In light of these and other difficulties with conventional number portability solutions, there exists a need for scalable methods and systems for providing universal number portability. Such methods and systems preferably combine the aspects of not requiring an end office trigger with the ability to process non-standard number portability specifiers.
A triggerless number portability (TNP) routing node includes a communication module for receiving a message from an end office over a communications network. A gateway screening (GWS) process determines that the message is a call setup message, and in response to determining that the message is a call setup message, forwards the call setup message over a communications bus for further processing. A number portability (NP) database contains routing numbers (RNs) for SS7 signaling points associated with ported subscribers. A universal portability module (UPM) receives the message from the communications bus, extracts the called party address from the message, examines a number of parameters contained within the message, and, based on one or more of these message parameter values, may perform a lookup in the NP database using the called party address to obtain an RN. In the event that an RN is returned from the NP database, the message is modified to include the RN and subsequently routed. If a call setup message is received which has already obtained an NP translation, a TNP routing node of the present invention is adapted to perform an additional number portability translation in the event that the RN contained within the message is associated with a gateway signaling point (i.e. tandem switch) that is in the home network of the TNP routing node, as opposed to a signaling end point (i.e., an end office or mobile switching center).

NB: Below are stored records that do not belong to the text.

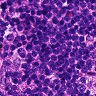
Metastatic tissue present: no
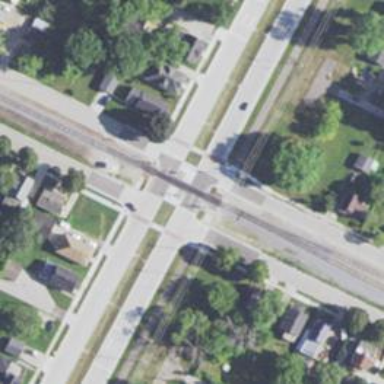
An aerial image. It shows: Railway crossing.
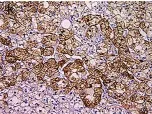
Expression of CYP11B1/2 in three nodules of patients. Histological and immunohistochemical staining of three nodules (N1, nodule 1; N2, nodule 2; N3, nodule 3) of this patient and cortisol-producing adenoma from another patient (control, as a reference for positive CYP11B2 staining). CYP11B2: immunohistochemical staining of aldosterone synthase.
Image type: pathology (immunostaining)
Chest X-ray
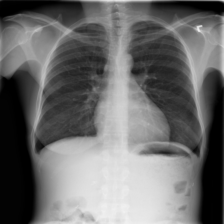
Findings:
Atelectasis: negative
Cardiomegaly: negative
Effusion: negative
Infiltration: negative
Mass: negative
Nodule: negative
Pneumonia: negative
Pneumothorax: negative
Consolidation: negative
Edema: negative
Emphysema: negative
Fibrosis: negative
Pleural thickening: negative
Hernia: negative
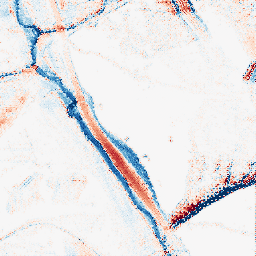
Category: morphological
Decomposition family: morphological_ellipse
Decomposition parameters: operation: average
width: 10
height: 30
Upsampling method: regularized
Upsampling parameters: scale: 2
lambda_reg: 0.1
Upsampling scale: 2
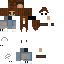
A female human skin with medium skin, wearing brown long hair dressed in a blue hoodie and gray shorts, featuring a closed mouth.
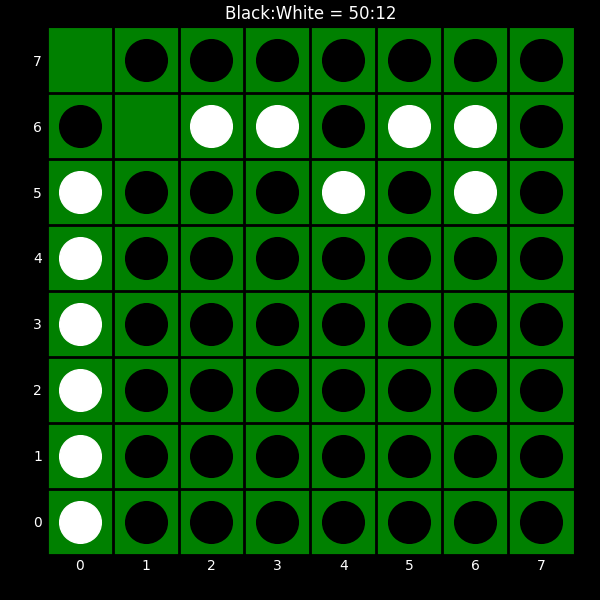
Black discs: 50
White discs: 12
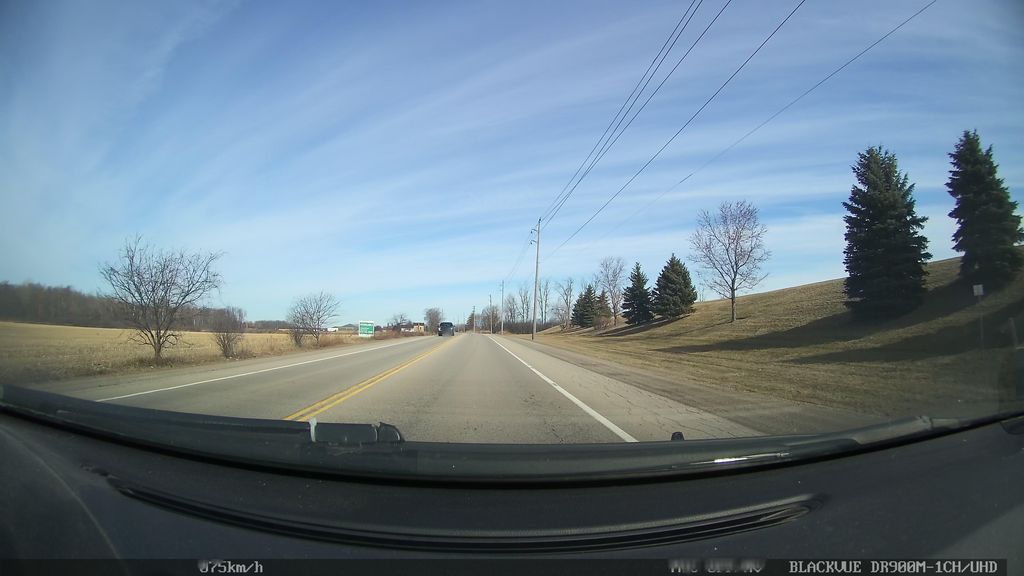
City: kitchener-waterloo
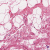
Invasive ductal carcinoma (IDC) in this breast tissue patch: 0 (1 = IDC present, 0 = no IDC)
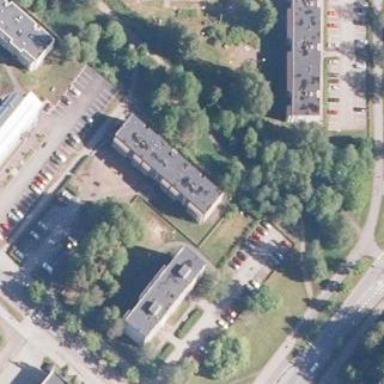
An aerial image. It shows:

Accordingly, it is an object of the present invention to provide a triggerless number portability (TNP) routing node capable of analyzing a variety of fields in a call setup message in order to determine the need for a number portability (NP) translation.
It is another object of the invention to provide a number portability processing method wherein an NP database lookup returns a routing number (RN) for a tandem gateway or to a signaling end point.
It is yet another object of the invention to provide an NP processing method wherein an RN database lookup is performed prior to performing an NP database lookup to determine whether an RN in a received call setup message corresponds to the home network of the node performing the lookup or belongs to another network.
Some of the objects of the invention having been stated hereinabove, other objects will become evident as the description proceeds, when taken in connection with the accompanying drawings as best described hereinbelow.